++++ RECORDS FOR THE TASK
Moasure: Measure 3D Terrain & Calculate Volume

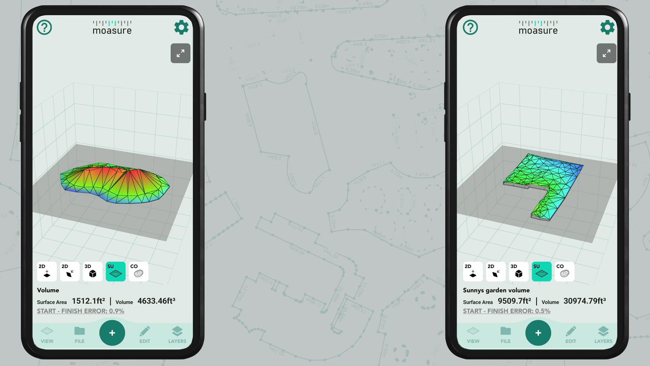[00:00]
In this tutorial you will learn how Moja can be used to calculate volume in your measurements.
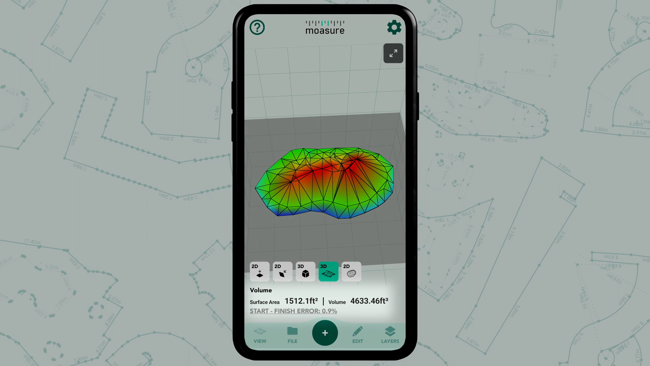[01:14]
Underneath you will also see the surface area and the volume measurement.
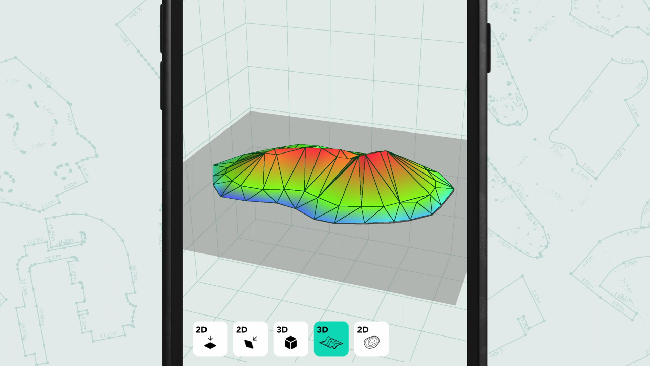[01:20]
We can also use the contours view to visualize elevation across the measured space.
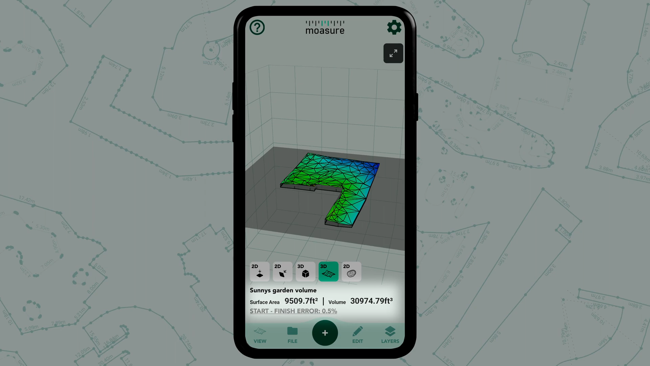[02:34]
Don't forget you can also view the contours here.
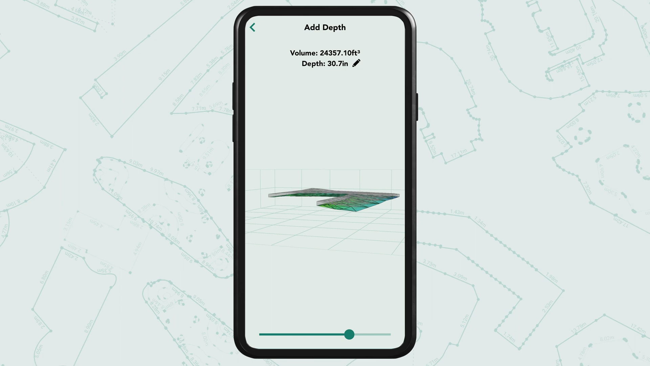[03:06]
In here we can either move the slider down below or tap the pen icon to add the exact depth you're after.
++++++++
_YOUR TASK_
Your copy should match the records word for word, with the pictures removed.

_RESULT OF THE TASK_
Moasure: Measure 3D Terrain & Calculate Volume

[00:00]
In this tutorial you will learn how Moja can be used to calculate volume in your measurements.
[01:14]
Underneath you will also see the surface area and the volume measurement.
[01:20]
We can also use the contours view to visualize elevation across the measured space.
[02:34]
Don't forget you can also view the contours here.
[03:06]
In here we can either move the slider down below or tap the pen icon to add the exact depth you're after.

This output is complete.